Par ailleurs, quatre FSP pays sont mis en œuvre par le poste pour un montant total de 3 100 000€. En 2014, le FSP « appui à la gouvernance démocratique des institutions publiques nationales et locales du Sénégal » a été adopté, renforçant l’appui de la France au secteur de la gouvernance, conformément aux demandes des autorités sénégalaises.
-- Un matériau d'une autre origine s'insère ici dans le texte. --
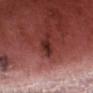Findings:
- biopsy status — imaged on a skin check; not biopsied
- automated lesion analysis — a mean CIELAB color near L≈29 a*≈27 b*≈22 and roughly 11 lightness units darker than nearby skin; a border-irregularity rating of about 3/10, a within-lesion color-variation index near 2/10, and peripheral color asymmetry of about 0.5
- image source — 15 mm crop, total-body photography
- body site — the head or neck
- subject — male, in their mid-70s
- lighting — white-light illumination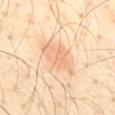<case>
  <biopsy_status>not biopsied; imaged during a skin examination</biopsy_status>
  <site>mid back</site>
  <lighting>cross-polarized</lighting>
  <patient>
    <sex>male</sex>
    <age_approx>40</age_approx>
  </patient>
  <image>
    <source>total-body photography crop</source>
    <field_of_view_mm>15</field_of_view_mm>
  </image>
  <automated_metrics>
    <area_mm2_approx>11.0</area_mm2_approx>
    <eccentricity>0.85</eccentricity>
    <vs_skin_darker_L>8.0</vs_skin_darker_L>
    <vs_skin_contrast_norm>5.0</vs_skin_contrast_norm>
  </automated_metrics>
</case>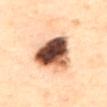A region of skin cropped from a whole-body photographic capture, roughly 15 mm wide.
On the back.
A female patient, aged 58–62.
This is a cross-polarized tile.
The lesion's longest dimension is about 7 mm.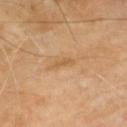The lesion was tiled from a total-body skin photograph and was not biopsied.
A male patient aged 68–72.
This image is a 15 mm lesion crop taken from a total-body photograph.
The tile uses cross-polarized illumination.
The lesion is located on the chest.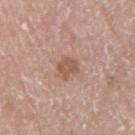biopsy status = no biopsy performed (imaged during a skin exam); image = ~15 mm crop, total-body skin-cancer survey; patient = male, roughly 70 years of age; illumination = white-light; site = the right upper arm.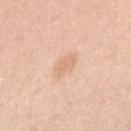This lesion was catalogued during total-body skin photography and was not selected for biopsy. On the right upper arm. The subject is a female about 40 years old. The lesion's longest dimension is about 3 mm. Captured under white-light illumination. Cropped from a whole-body photographic skin survey; the tile spans about 15 mm.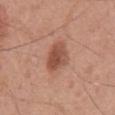workup: total-body-photography surveillance lesion; no biopsy
size: ≈4 mm
subject: male, aged around 55
site: the front of the torso
image: ~15 mm crop, total-body skin-cancer survey
tile lighting: white-light illumination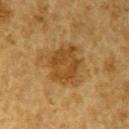This lesion was catalogued during total-body skin photography and was not selected for biopsy.
This is a cross-polarized tile.
A male patient aged around 85 or older.
Automated tile analysis of the lesion measured a border-irregularity rating of about 4/10, a color-variation rating of about 3.5/10, and radial color variation of about 1. The analysis additionally found a classifier nevus-likeness of about 60/100 and a lesion-detection confidence of about 100/100.
The lesion is on the arm.
This image is a 15 mm lesion crop taken from a total-body photograph.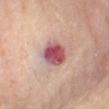<tbp_lesion>
  <biopsy_status>not biopsied; imaged during a skin examination</biopsy_status>
  <site>left thigh</site>
  <patient>
    <sex>female</sex>
    <age_approx>60</age_approx>
  </patient>
  <image>
    <source>total-body photography crop</source>
    <field_of_view_mm>15</field_of_view_mm>
  </image>
  <lighting>cross-polarized</lighting>
</tbp_lesion>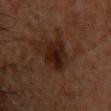The lesion was photographed on a routine skin check and not biopsied; there is no pathology result. The lesion's longest dimension is about 3.5 mm. The subject is a male in their 50s. The lesion is on the front of the torso. Automated tile analysis of the lesion measured a lesion area of about 8.5 mm² and an eccentricity of roughly 0.55. It also reported about 7 CIELAB-L* units darker than the surrounding skin and a lesion-to-skin contrast of about 10.5 (normalized; higher = more distinct). The software also gave border irregularity of about 3 on a 0–10 scale, a within-lesion color-variation index near 3.5/10, and peripheral color asymmetry of about 1. A 15 mm close-up tile from a total-body photography series done for melanoma screening. Captured under cross-polarized illumination.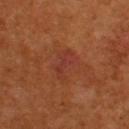Captured during whole-body skin photography for melanoma surveillance; the lesion was not biopsied. A roughly 15 mm field-of-view crop from a total-body skin photograph. The subject is a male aged 53–57. The lesion is located on the upper back. The lesion's longest dimension is about 4 mm. Captured under cross-polarized illumination.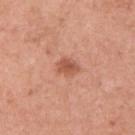Assessment: Recorded during total-body skin imaging; not selected for excision or biopsy. Clinical summary: Measured at roughly 3 mm in maximum diameter. The total-body-photography lesion software estimated a shape eccentricity near 0.7 and a symmetry-axis asymmetry near 0.25. It also reported an average lesion color of about L≈55 a*≈27 b*≈32 (CIELAB), roughly 10 lightness units darker than nearby skin, and a lesion-to-skin contrast of about 7 (normalized; higher = more distinct). It also reported a border-irregularity index near 2.5/10, internal color variation of about 2 on a 0–10 scale, and peripheral color asymmetry of about 0.5. The software also gave a nevus-likeness score of about 85/100 and a lesion-detection confidence of about 100/100. The lesion is located on the upper back. The patient is a male aged 48–52. A lesion tile, about 15 mm wide, cut from a 3D total-body photograph.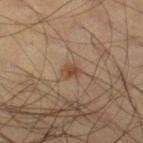{"biopsy_status": "not biopsied; imaged during a skin examination", "image": {"source": "total-body photography crop", "field_of_view_mm": 15}, "site": "leg", "patient": {"sex": "male", "age_approx": 45}}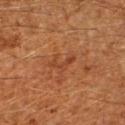Part of a total-body skin-imaging series; this lesion was reviewed on a skin check and was not flagged for biopsy.
Measured at roughly 3.5 mm in maximum diameter.
Cropped from a total-body skin-imaging series; the visible field is about 15 mm.
Captured under cross-polarized illumination.
The lesion is on the left forearm.
The subject is a male approximately 60 years of age.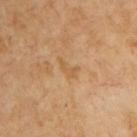Imaged during a routine full-body skin examination; the lesion was not biopsied and no histopathology is available. The lesion-visualizer software estimated an area of roughly 3 mm² and an eccentricity of roughly 0.9. It also reported an average lesion color of about L≈56 a*≈18 b*≈38 (CIELAB), a lesion–skin lightness drop of about 6, and a normalized lesion–skin contrast near 5. The analysis additionally found internal color variation of about 0 on a 0–10 scale and peripheral color asymmetry of about 0. The tile uses cross-polarized illumination. The subject is a male in their mid- to late 60s. Measured at roughly 2.5 mm in maximum diameter. Cropped from a total-body skin-imaging series; the visible field is about 15 mm.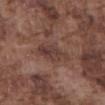Q: Was this lesion biopsied?
A: imaged on a skin check; not biopsied
Q: Where on the body is the lesion?
A: the abdomen
Q: What did automated image analysis measure?
A: a lesion area of about 8.5 mm² and an eccentricity of roughly 0.85; roughly 7 lightness units darker than nearby skin and a normalized border contrast of about 6.5; a border-irregularity index near 3.5/10, a color-variation rating of about 4/10, and radial color variation of about 1.5
Q: What kind of image is this?
A: total-body-photography crop, ~15 mm field of view
Q: Who is the patient?
A: male, about 75 years old
Q: Lesion size?
A: ≈4.5 mm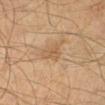Assessment:
This lesion was catalogued during total-body skin photography and was not selected for biopsy.
Acquisition and patient details:
From the right lower leg. This image is a 15 mm lesion crop taken from a total-body photograph. The subject is a male aged around 40.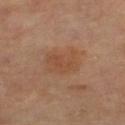workup: no biopsy performed (imaged during a skin exam); location: the leg; illumination: cross-polarized illumination; image: 15 mm crop, total-body photography; patient: female, roughly 70 years of age; size: ≈4.5 mm.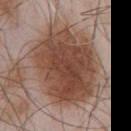| key | value |
|---|---|
| workup | catalogued during a skin exam; not biopsied |
| size | about 10 mm |
| patient | male, aged 53–57 |
| image source | ~15 mm crop, total-body skin-cancer survey |
| location | the chest |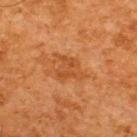Part of a total-body skin-imaging series; this lesion was reviewed on a skin check and was not flagged for biopsy. Longest diameter approximately 4 mm. The lesion is on the upper back. The patient is a male aged around 65. Cropped from a total-body skin-imaging series; the visible field is about 15 mm. Captured under cross-polarized illumination.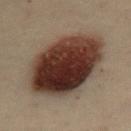Assessment:
The lesion was photographed on a routine skin check and not biopsied; there is no pathology result.
Clinical summary:
A female patient about 30 years old. The lesion is located on the abdomen. A region of skin cropped from a whole-body photographic capture, roughly 15 mm wide. The tile uses cross-polarized illumination.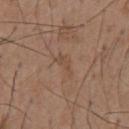This lesion was catalogued during total-body skin photography and was not selected for biopsy.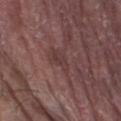- notes — imaged on a skin check; not biopsied
- body site — the left thigh
- lighting — white-light
- subject — male, in their 80s
- image — 15 mm crop, total-body photography
- diameter — ~3 mm (longest diameter)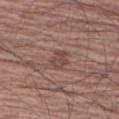| field | value |
|---|---|
| follow-up | catalogued during a skin exam; not biopsied |
| diameter | about 2.5 mm |
| patient | male, approximately 65 years of age |
| illumination | white-light illumination |
| acquisition | ~15 mm crop, total-body skin-cancer survey |
| image-analysis metrics | a mean CIELAB color near L≈46 a*≈19 b*≈23, roughly 8 lightness units darker than nearby skin, and a normalized border contrast of about 6; a within-lesion color-variation index near 2/10 and a peripheral color-asymmetry measure near 1; a detector confidence of about 100 out of 100 that the crop contains a lesion |
| anatomic site | the right upper arm |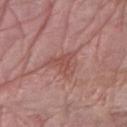Impression:
No biopsy was performed on this lesion — it was imaged during a full skin examination and was not determined to be concerning.
Clinical summary:
Approximately 4 mm at its widest. This image is a 15 mm lesion crop taken from a total-body photograph. A female patient, aged approximately 65. An algorithmic analysis of the crop reported a footprint of about 7.5 mm², a shape eccentricity near 0.25, and a shape-asymmetry score of about 0.5 (0 = symmetric). It also reported a lesion color around L≈51 a*≈24 b*≈24 in CIELAB, a lesion–skin lightness drop of about 7, and a normalized lesion–skin contrast near 5.5. It also reported a border-irregularity rating of about 6/10 and peripheral color asymmetry of about 0.5. The lesion is on the right forearm.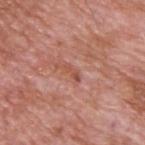{
  "image": {
    "source": "total-body photography crop",
    "field_of_view_mm": 15
  },
  "lighting": "white-light",
  "patient": {
    "sex": "male",
    "age_approx": 60
  },
  "site": "back"
}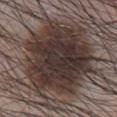The lesion was photographed on a routine skin check and not biopsied; there is no pathology result. Located on the chest. A male patient about 65 years old. A 15 mm close-up extracted from a 3D total-body photography capture.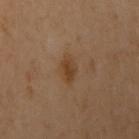biopsy status: imaged on a skin check; not biopsied | automated metrics: a footprint of about 4 mm² and a shape-asymmetry score of about 0.3 (0 = symmetric); a within-lesion color-variation index near 2.5/10 and a peripheral color-asymmetry measure near 1; an automated nevus-likeness rating near 75 out of 100 and a lesion-detection confidence of about 100/100 | patient: female, aged 58 to 62 | imaging modality: ~15 mm crop, total-body skin-cancer survey | lighting: cross-polarized illumination | size: about 2.5 mm | location: the upper back.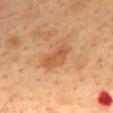Impression: Captured during whole-body skin photography for melanoma surveillance; the lesion was not biopsied. Acquisition and patient details: The lesion's longest dimension is about 4 mm. A roughly 15 mm field-of-view crop from a total-body skin photograph. Imaged with cross-polarized lighting. A male patient in their mid- to late 40s. An algorithmic analysis of the crop reported an area of roughly 7 mm² and an eccentricity of roughly 0.85. The analysis additionally found a border-irregularity index near 3.5/10 and a color-variation rating of about 3/10. The software also gave a nevus-likeness score of about 15/100 and lesion-presence confidence of about 100/100. Located on the mid back.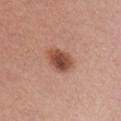workup = imaged on a skin check; not biopsied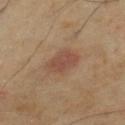Notes:
* notes · total-body-photography surveillance lesion; no biopsy
* anatomic site · the left lower leg
* patient · male, aged approximately 70
* tile lighting · cross-polarized
* image · ~15 mm crop, total-body skin-cancer survey
* automated lesion analysis · a mean CIELAB color near L≈45 a*≈18 b*≈26, about 8 CIELAB-L* units darker than the surrounding skin, and a lesion-to-skin contrast of about 6.5 (normalized; higher = more distinct); a border-irregularity rating of about 2/10, a color-variation rating of about 2.5/10, and radial color variation of about 1
* size · about 4 mm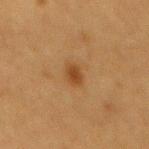Q: Was this lesion biopsied?
A: total-body-photography surveillance lesion; no biopsy
Q: Lesion location?
A: the back
Q: What did automated image analysis measure?
A: an average lesion color of about L≈37 a*≈18 b*≈34 (CIELAB), a lesion–skin lightness drop of about 8, and a lesion-to-skin contrast of about 7.5 (normalized; higher = more distinct)
Q: How large is the lesion?
A: ~2.5 mm (longest diameter)
Q: Illumination type?
A: cross-polarized
Q: Patient demographics?
A: female, in their mid-50s
Q: What is the imaging modality?
A: ~15 mm crop, total-body skin-cancer survey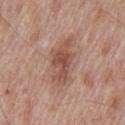Recorded during total-body skin imaging; not selected for excision or biopsy. The patient is a male roughly 70 years of age. A region of skin cropped from a whole-body photographic capture, roughly 15 mm wide. The lesion's longest dimension is about 5.5 mm. The lesion-visualizer software estimated a mean CIELAB color near L≈51 a*≈22 b*≈27, roughly 10 lightness units darker than nearby skin, and a lesion-to-skin contrast of about 7.5 (normalized; higher = more distinct). And it measured a border-irregularity index near 5.5/10 and internal color variation of about 3 on a 0–10 scale. The software also gave a lesion-detection confidence of about 100/100. The tile uses white-light illumination. From the chest.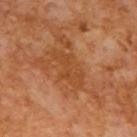Assessment:
Recorded during total-body skin imaging; not selected for excision or biopsy.
Background:
Captured under cross-polarized illumination. A male subject, aged 63 to 67. A lesion tile, about 15 mm wide, cut from a 3D total-body photograph.

Depuis le second semestre 2013, le projet FSP « Modernisation de la justice du Sénégal porte sur 3 axes prioritaires : l’extension du dispositif des Maisons de justice (ouest et nord du pays) destiné à favoriser l’accès à la justice , la réforme pénitentiaire et la formation des magistrats , dans le cadre de l’Ecole de Formation Judiciaire et, notamment, la formation spécialisée de magistrats sur la lutte contre le terrorisme et la criminalité organisée, en lien avec les services de sécurité intérieure. Ces projets répondent à des priorités politiques, et font notamment écho à l’inclusion du Sénégal dans la Stratégie Sahel française. Le Sénégal a également été bénéficiaire du FSP Mobilisateur « Appui à la lutte contre les trafics de cocaïne en Afrique de l’ouest - ALCAO » (1,6 million d’euros - début : octobre 2012 - fin : décembre 2014 - 7 pays associés : Bénin, Côte d’Ivoire, Guinée, Guinée Bissau, Mauritanie, Sénégal, Togo).

Enfin, s’agissant de la dimension patrimoniale et financière des trafics et, dans la continuité du séminaire sur « la saisie, l’identification et la gestion des avoirs criminels », organisé par le Magistrat de liaison à Dakar en novembre 2012, GOUV et la DCSD ont organisé à Dakar, en septembre 2013, un séminaire régional incluant les pays bénéficiaires du FSP « Justice et sécurité en zone sahélo saharienne- JUSSEC (Mali, Niger et Mauritanie) et le FSP ALCAO. Ce séminaire a favorisé, au plan national et régional, l’adoption de « bonnes pratiques opérationnelles » par les magistrats, les policiers, les gendarmes ainsi que les douaniers afin d’impulser une coopération entre les acteurs de terrain en matière de saisie, de gestion et de confiscation des biens ou avoirs criminels.

Le poste est également destinataire d’un montant de 1 642 443€ de crédits centraux en provenance des directions sectorielles de la DGM. Ces crédits servent notamment à appuyer la restructuration de notre expertise technique dans le secteur de l’éducation, soutenir la CONFEJES et financer le programme d’appui aux initiatives de solidarité pour le développement (PAISD). Outre ces moyens directement gérés par l’Ambassade, la France s’appuie sur son opérateur en matière de développement, l’AFD (78,5 M€ décaissés en 2013 dont 11,5 M€ sous forme de dons), et travaille en coordination avec les bailleurs internationaux, notamment européens par lesquels transitent l’essentiel de l’aide multilatérale française (347 M€ pour le 11ème FED entre 2014 et 2020).

La Coopération française en chiffres

  • Près de 100 partenariats actifs entre collectivités locales françaises et sénégalaises ;
  • Depuis 1996, quatre enveloppes budgétaires du Fonds Social Développement (FSD) ont été mises en place au Sénégal, pour un montant total de 5,5 M€ (3,6 milliards de FCFA). Elles ont permis le financement de 135 projets pour un montant moyen de 40 218 €, et l’appui de 112 acteurs (Associations, ONG et Collectivités locales) ;
  • Le Programme d’Appui aux Initiatives de Solidarité pour le Développement a été lancé en juillet 2009 pour un montant de 9 millions d’euros (6 milliards de FCFA) pour la période 2009-2012. Environ 25 000 ressortissants sénégalais établis en France, à titre individuel ou constitués en association ont été impliqués dans le projet. 131 infrastructures ont été réalisées avec une participation financière des ressortissants à hauteur de 30 %.
  • Au 1er janvier 2015, 29 experts techniques bilatéraux travaillent au Sénégal, dont 2 volontaires internationaux (en récent audit de l’IG préconise cependant de revoir ces effectifs à la baisse).
  • 150 bourses (étudiants et doctorants sénégalais) en moyenne sont accordées par an sur une enveloppe de 700 000 € (460 millions de FCFA).